19. Language / F. Communication / 5. Pragmatics / a. Contextual meaning
People slide from contextual variability all the way to contextual determination [Bach]
     Full Idea: People slide from contextual variability to context relativity to context sensitivity to context dependence to contextual determination.
     From: Kent Bach (What Does It Take to Refer? [2006], 22.2 L3)
     A reaction: This is reminiscent of the epistemological slide from cultural or individual relativity of some observed things, to a huge metaphysical denial of truth. Bach's warning applies to me, as I have been drifting down his slope lately. Nice.
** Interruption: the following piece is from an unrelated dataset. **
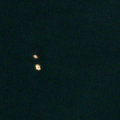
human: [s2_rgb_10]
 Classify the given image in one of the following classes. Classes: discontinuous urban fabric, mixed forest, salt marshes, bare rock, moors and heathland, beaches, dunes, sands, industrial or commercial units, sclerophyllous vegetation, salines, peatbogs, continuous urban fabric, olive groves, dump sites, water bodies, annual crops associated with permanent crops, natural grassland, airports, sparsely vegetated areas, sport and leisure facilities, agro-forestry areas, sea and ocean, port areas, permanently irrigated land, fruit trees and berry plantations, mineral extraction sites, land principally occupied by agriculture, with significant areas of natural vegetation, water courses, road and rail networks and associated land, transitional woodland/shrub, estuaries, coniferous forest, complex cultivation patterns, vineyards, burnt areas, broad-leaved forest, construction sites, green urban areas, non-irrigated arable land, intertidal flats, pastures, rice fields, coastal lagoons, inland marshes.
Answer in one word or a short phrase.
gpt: sea and ocean

26. Natural Theory / A. Speculations on Nature / 5. Infinite in Nature
Archelaus was the first person to say that the universe is boundless [Archelaus, by Diog. Laertius]
     Full Idea: Archelaus was the first person to say that the universe is boundless.
     From: report of Archelaus (fragments/reports [c.450 BCE]) by Diogenes Laertius - Lives of Eminent Philosophers 02.Ar.3
26. Natural Theory / A. Speculations on Nature / 7. Later Matter Theories / c. Matter as extension
Locke's solidity is not matter, because that is impenetrability and hardness combined [Robinson,H]
     Full Idea: Notoriously, Locke's filler for Descartes's geometrical matter, solidity, will not do, for that quality collapses on examination into a composite of the dispositional-cum-relational propery of impenetrability, and the secondary quality of hardness.
     From: Howard Robinson (Perception [1994], IX.3)
     A reaction: I would have thought the problem was that 'matter is solidity' turns out on analysis to be a tautology. We have a handful of nearly synonymous words for matter and our experiences of it, but they boil down to some 'given' thing for which we lack words.
27. Natural Reality / G. Biology / 3. Evolution
Archelaus said life began in a primeval slime [Archelaus, by Schofield]
     Full Idea: Archelaus wrote that life on Earth began in a primeval slime.
     From: report of Archelaus (fragments/reports [c.450 BCE]) by Malcolm Schofield - Archelaus
     A reaction: This sounds like a fairly clearcut assertion of the production of life by evolution. Darwin's contribution was to propose the mechanism for achieving it. We should honour the name of Archelaus for this idea.